It’s not just that we have to have the bitter in life to appreciate the sweet, it’s that I don’t think we can have the sweet in life without the bitter. The Byrds took the words straight from Ecclesiastes for their song “Turn! Turn! Turn!”: “To everything there is a season and a time to every purpose under heaven.” EVERY purpose.

At the bottom of Pandora’s Box, under all of the world’s evils now run amok, was hope. As Rod Dreher, a Beliefnet writer who comprehensively does not share my politics, said recently, hope is not optimism. Rather, hope is the belief that suffering has some purpose, some meaning that will explained someday, in whatever belief system we embrace.

If that is the case, I am a very hopeful person.

On the night Martin Luther King was assassinated, a crowd of African-Americans gathered in Indianapolis, understandably in a rage.
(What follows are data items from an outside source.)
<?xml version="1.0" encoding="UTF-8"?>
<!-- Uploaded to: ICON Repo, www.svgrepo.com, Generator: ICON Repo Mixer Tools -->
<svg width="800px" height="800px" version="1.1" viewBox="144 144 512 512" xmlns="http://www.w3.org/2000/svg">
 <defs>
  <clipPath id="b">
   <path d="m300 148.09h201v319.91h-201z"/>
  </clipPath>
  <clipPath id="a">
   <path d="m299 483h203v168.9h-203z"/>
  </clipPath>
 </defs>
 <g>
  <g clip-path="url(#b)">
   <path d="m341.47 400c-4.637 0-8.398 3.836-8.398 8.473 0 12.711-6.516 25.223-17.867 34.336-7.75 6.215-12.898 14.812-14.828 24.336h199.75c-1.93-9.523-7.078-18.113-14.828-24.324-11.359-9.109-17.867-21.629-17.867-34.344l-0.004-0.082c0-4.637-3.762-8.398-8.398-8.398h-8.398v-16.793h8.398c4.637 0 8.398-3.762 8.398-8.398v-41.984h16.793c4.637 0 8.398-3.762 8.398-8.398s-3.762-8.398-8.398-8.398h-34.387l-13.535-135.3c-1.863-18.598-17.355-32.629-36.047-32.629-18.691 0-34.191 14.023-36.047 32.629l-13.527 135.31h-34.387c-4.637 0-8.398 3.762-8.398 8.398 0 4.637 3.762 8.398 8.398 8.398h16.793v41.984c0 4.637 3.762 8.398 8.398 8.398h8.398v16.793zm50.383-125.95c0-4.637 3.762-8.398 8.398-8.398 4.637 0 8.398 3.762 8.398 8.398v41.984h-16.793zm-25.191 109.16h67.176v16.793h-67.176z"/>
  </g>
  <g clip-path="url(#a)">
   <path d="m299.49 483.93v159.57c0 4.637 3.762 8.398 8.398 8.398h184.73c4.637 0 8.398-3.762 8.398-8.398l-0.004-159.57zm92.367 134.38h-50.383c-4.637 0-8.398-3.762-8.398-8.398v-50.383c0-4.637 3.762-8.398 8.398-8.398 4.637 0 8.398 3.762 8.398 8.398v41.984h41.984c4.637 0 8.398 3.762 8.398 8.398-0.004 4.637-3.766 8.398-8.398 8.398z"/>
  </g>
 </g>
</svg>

Robert F. Kennedy (himself in the last days of his short life) was in town, and it was thought he might be able to calm the situation with an impromptu speech.

Kennedy quoted from ancient Greek poetry in an attempt to explain the loss to the angry mob:

“Even in our sleep, pain which cannot forget falls drop by drop upon the heart, until, in our own despair, against our will, comes wisdom through the awful grace of God.”

There was no rioting in Indianapolis, that night or anytime during the terrible year of 1968 — the year I was conceived in my parents’ (unlikely at the time) hope of a better world to come. Again, awful grace.

And THAT is why I think God allows pain.